Archimedean polyhedra
Here are templates for making paper models for each of the 5 Platonic solids and the 13 Archimedean semi-regular polyhedra. You are free to use them for any non-commercial purpose, as long as the copyright notice on each page is retained.
Here's a complete set of the Archimedean polyhedra:
I think that they are pretty straightforward to assemble without any instructions just cut them out carefully, fold along the black lines, and tape. In some cases you'll need to print multiple copies of a template. The parenthesized numbers before each name tells you what each vertex should look like: in a (3,4,3,4) cuboctahedron, for instance, each vertex should be surrounded by a triangle, a square, another triangle, and other square, in order as you go around the vertex. Knowing this can be helpful when you're trying to fold the pieces up and figure out what pairs of edges match up.
For best results, print these templates out on cardstock, or print them on regular paper and use a pin to transfer the template to something heavier.
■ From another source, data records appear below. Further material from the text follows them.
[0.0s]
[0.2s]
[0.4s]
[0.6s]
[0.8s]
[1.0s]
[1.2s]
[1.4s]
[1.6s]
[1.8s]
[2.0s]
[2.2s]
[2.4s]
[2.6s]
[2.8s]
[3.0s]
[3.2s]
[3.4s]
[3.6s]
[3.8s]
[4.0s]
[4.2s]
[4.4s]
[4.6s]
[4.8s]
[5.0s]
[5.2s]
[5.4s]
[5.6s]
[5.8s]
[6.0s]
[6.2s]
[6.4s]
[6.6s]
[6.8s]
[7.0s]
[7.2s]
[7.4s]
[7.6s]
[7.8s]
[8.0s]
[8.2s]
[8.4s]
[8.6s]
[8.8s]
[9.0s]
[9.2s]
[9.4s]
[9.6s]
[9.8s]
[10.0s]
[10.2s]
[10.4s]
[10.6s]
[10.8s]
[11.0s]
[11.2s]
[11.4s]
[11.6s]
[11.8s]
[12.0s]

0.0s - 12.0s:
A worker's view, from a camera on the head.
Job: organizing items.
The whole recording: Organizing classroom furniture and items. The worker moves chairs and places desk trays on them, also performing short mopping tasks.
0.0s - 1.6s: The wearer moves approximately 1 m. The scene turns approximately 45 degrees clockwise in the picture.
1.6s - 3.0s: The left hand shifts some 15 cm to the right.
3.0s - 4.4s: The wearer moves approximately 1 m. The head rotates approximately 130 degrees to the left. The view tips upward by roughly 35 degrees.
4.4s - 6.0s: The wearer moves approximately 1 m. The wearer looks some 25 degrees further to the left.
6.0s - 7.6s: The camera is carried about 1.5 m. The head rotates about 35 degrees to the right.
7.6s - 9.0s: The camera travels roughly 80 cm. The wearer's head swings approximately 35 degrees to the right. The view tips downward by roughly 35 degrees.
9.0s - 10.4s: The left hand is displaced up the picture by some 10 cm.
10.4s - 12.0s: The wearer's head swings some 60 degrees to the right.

Each template is fitted within the printable area of a Tektronix Phaser 360 color printer (which is what I used in making mine). If your printer has a smaller printable area, some edges may get cut off. Sorry.
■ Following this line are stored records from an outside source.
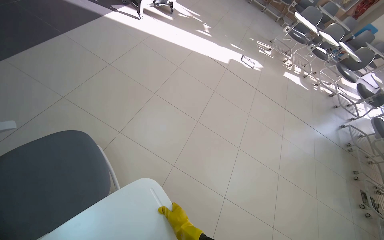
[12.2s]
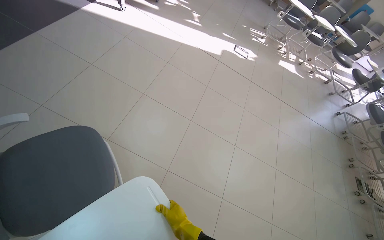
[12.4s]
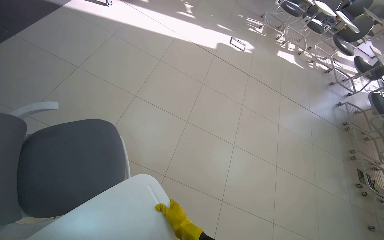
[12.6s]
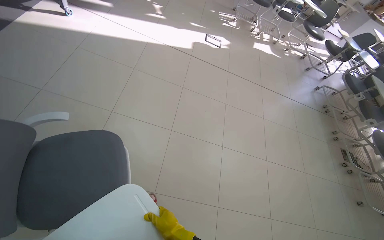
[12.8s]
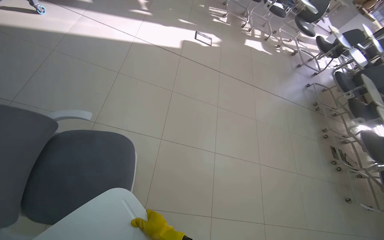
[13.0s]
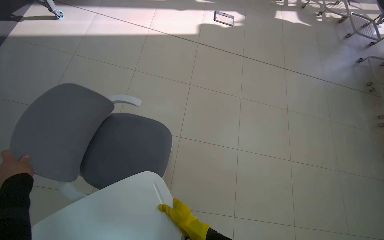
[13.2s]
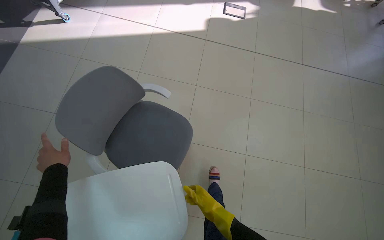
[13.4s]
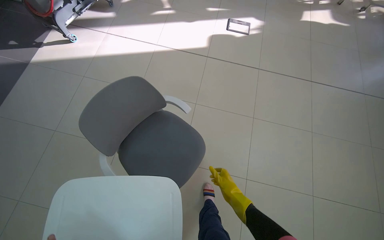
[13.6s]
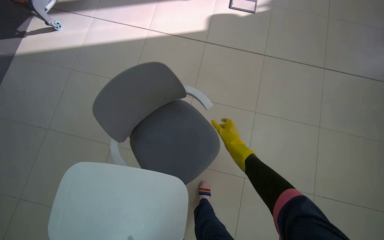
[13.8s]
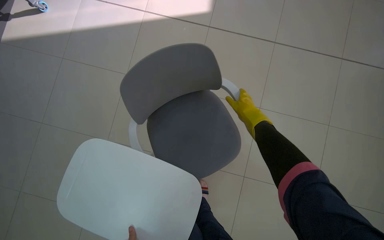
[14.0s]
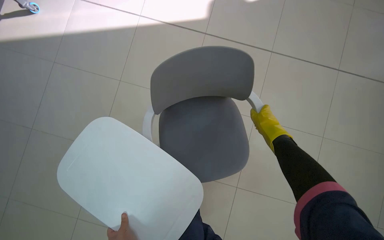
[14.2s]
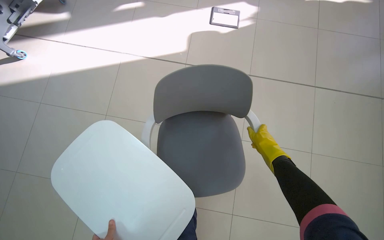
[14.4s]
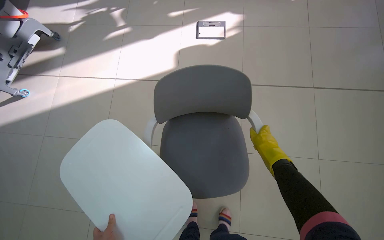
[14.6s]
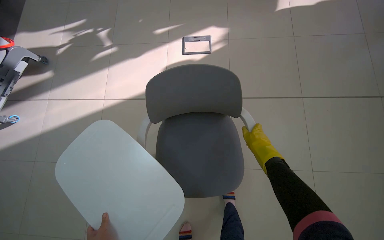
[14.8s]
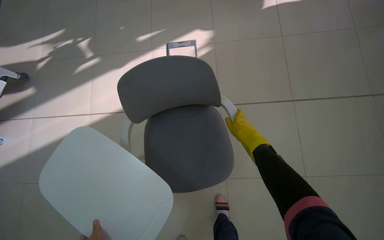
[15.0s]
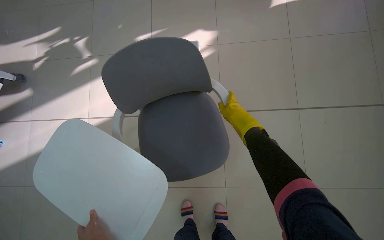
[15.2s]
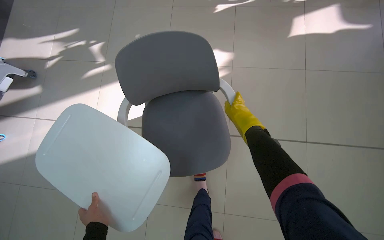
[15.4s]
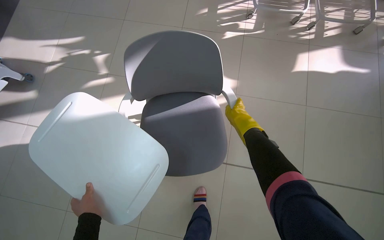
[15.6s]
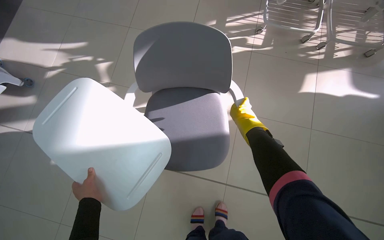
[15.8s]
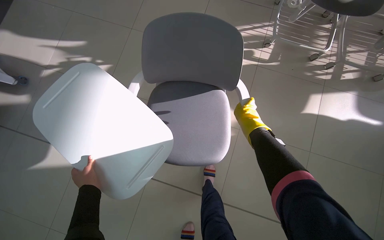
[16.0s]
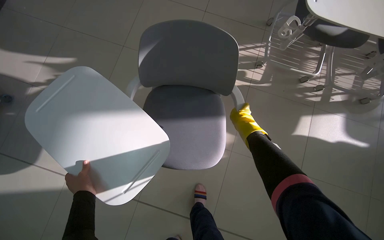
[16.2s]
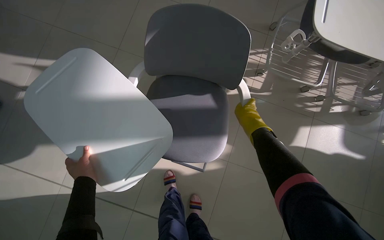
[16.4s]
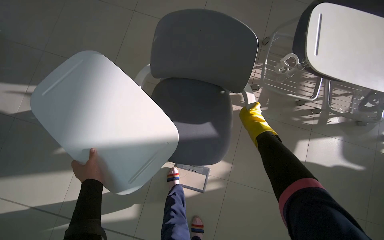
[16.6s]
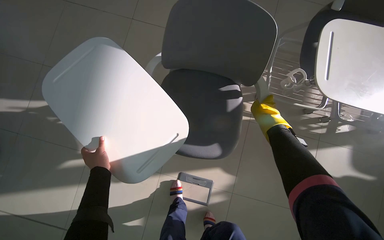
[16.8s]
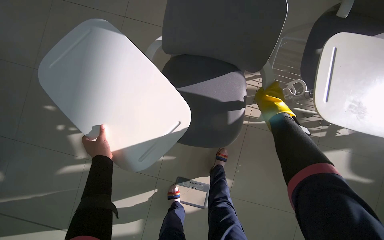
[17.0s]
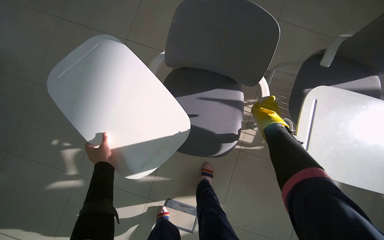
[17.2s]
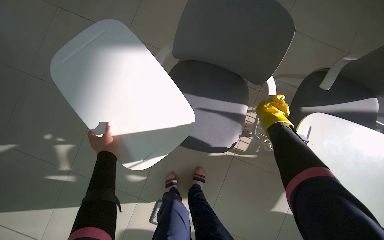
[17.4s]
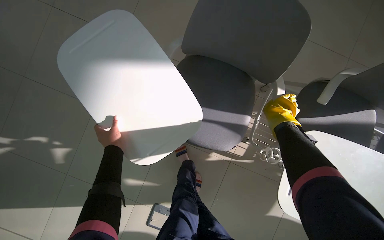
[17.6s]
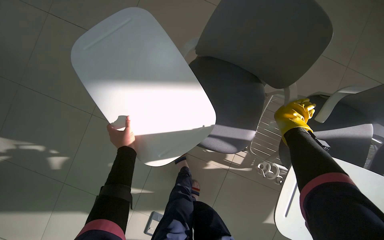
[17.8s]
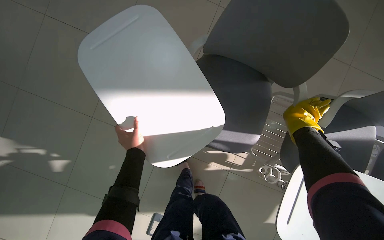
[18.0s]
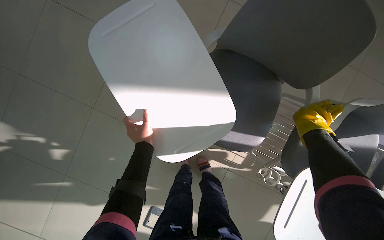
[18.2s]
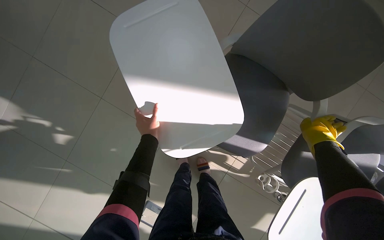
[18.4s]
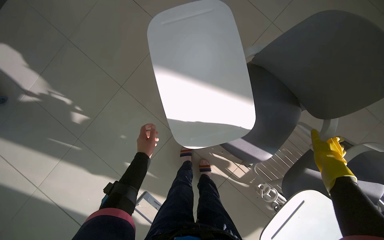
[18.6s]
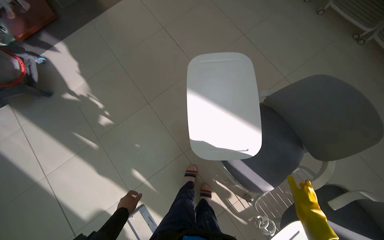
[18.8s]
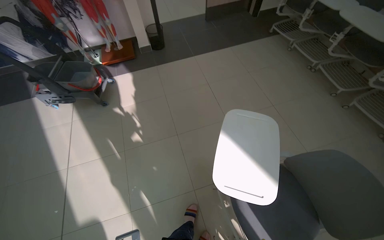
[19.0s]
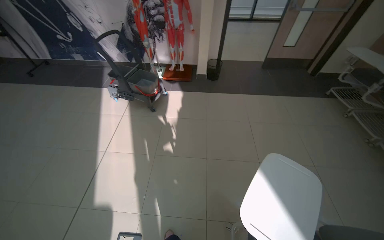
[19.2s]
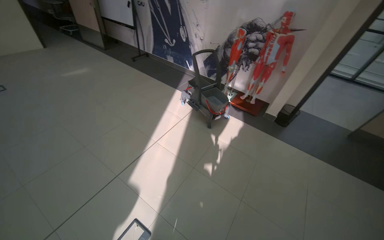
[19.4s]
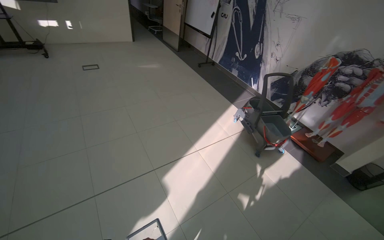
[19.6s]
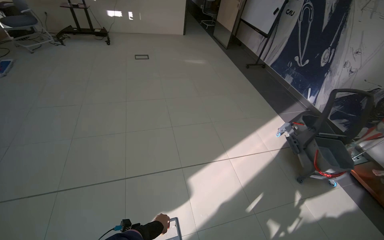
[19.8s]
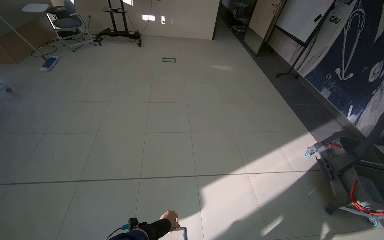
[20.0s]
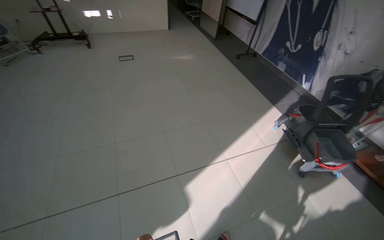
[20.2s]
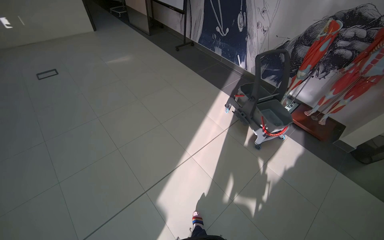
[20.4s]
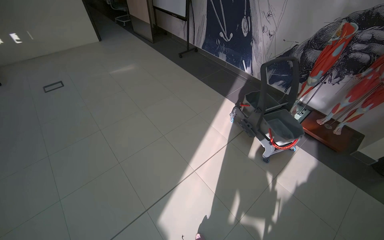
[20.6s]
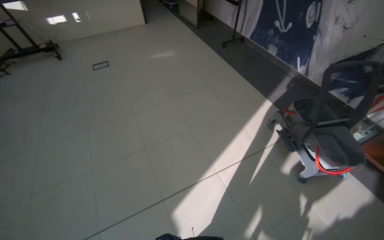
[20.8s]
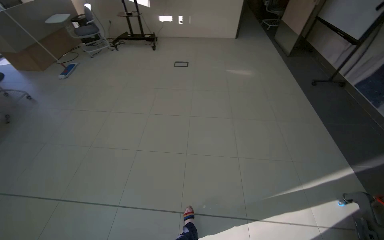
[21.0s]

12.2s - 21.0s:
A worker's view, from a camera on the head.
Job: organizing items.
The whole recording: Organizing classroom furniture and items. The worker moves chairs and places desk trays on them, also performing short mopping tasks.
12.2s - 13.6s: The camera travels roughly 90 cm. The camera pitches downward, by roughly 15 degrees.
13.6s - 15.2s: The camera travels about 60 cm.
15.2s - 16.6s: The camera travels roughly 60 cm. The view tips upward by roughly 10 degrees. Everything in view rotates roughly 25 degrees clockwise.
16.6s - 18.0s: The left hand is displaced up the picture and farther from the camera by roughly 35 cm.
18.0s - 19.6s: The camera is carried about 80 cm. The head turns to the left by some 125 degrees. The wearer looks approximately 45 degrees further upward.
19.6s - 21.0s: The camera is carried approximately 70 cm. The head turns to the left by about 35 degrees.

All of the models have a common edge length, so relative sizes are meaningful. The squares on the smallest (the cuboctahedron) are the same size as the squares of the largest (the truncated icosidodecahedron). This means that some of the polyhedra turn out very large, and take several sheets of paper. The largest one requires seven pages of template and is roughly nine inches in diameter when completed.
Start by making the Platonic solids and the smaller Archimedeans first. The larger ones are trickier to cut out and assemble.
If you don't have it already, you'll need the free Adobe Acrobat Reader.
Platonic solids
(3,3,3) tetrahedron
(4,4,4) cube
(3,3,3,3) octahedron
(3,3,3,3,3) icosahedron
These four all fit on the same page; by printing out one copy of the page you can make them all.
platonic1.pdf |
(5,5,5) dodecahedron
platonic2.pdf |
Archimedean semi-regular polyhedra
(3,6,6) truncated tetrahedron
(3,4,3,4) cuboctahedron
These two fit on the same page; by printing out one copy of the page you can make them both. The cuboctahedron is the one on top.
366-3434.pdf |
(4,6,6) truncated octahedron
This comes in two identical pieces; you need them both to make a single polyhedron.
466.pdf |
(3,8,8) truncated cube
This comes in two identical pieces; you need them both to make a single polyhedron.
388.pdf |
(3,4,4,4) rhombicuboctahedron
A single copy of this page will fold up into the rhombicuboctahedron.
3444.pdf |
(4,6,8) truncated cuboctahedron
Print two copies of this page to get four pieces, two of which are individual squares. The bottom side of the bottom hexagon of one big piece fits up against the free side of the top square of the other piece, leaving a square hole on each side.
468.pdf |
(3,3,3,3,4) snub cuboctahedron
This shape comes from just a single piece. You can imagine creating this shape by taking the (3,4,4,4) rhombicuboctahedron and turning each yellow square into two yellow triangles. That's why there are two different colors of triangle in this model the blue ones are the eight blue triangles already present in the rhombicuboctahedron.
33334.pdf |
(3,5,3,5) icosidodecahedron
This comes in two identical pieces; you need them both to make a single polyhedron. This is relatively easy to cut out and assemble, but the folding stage can be tricky.
3535.pdf |
(5,6,6) truncated icosahedron
Everyone's favorite polyhedron the shape of soccerballs and buckyballs.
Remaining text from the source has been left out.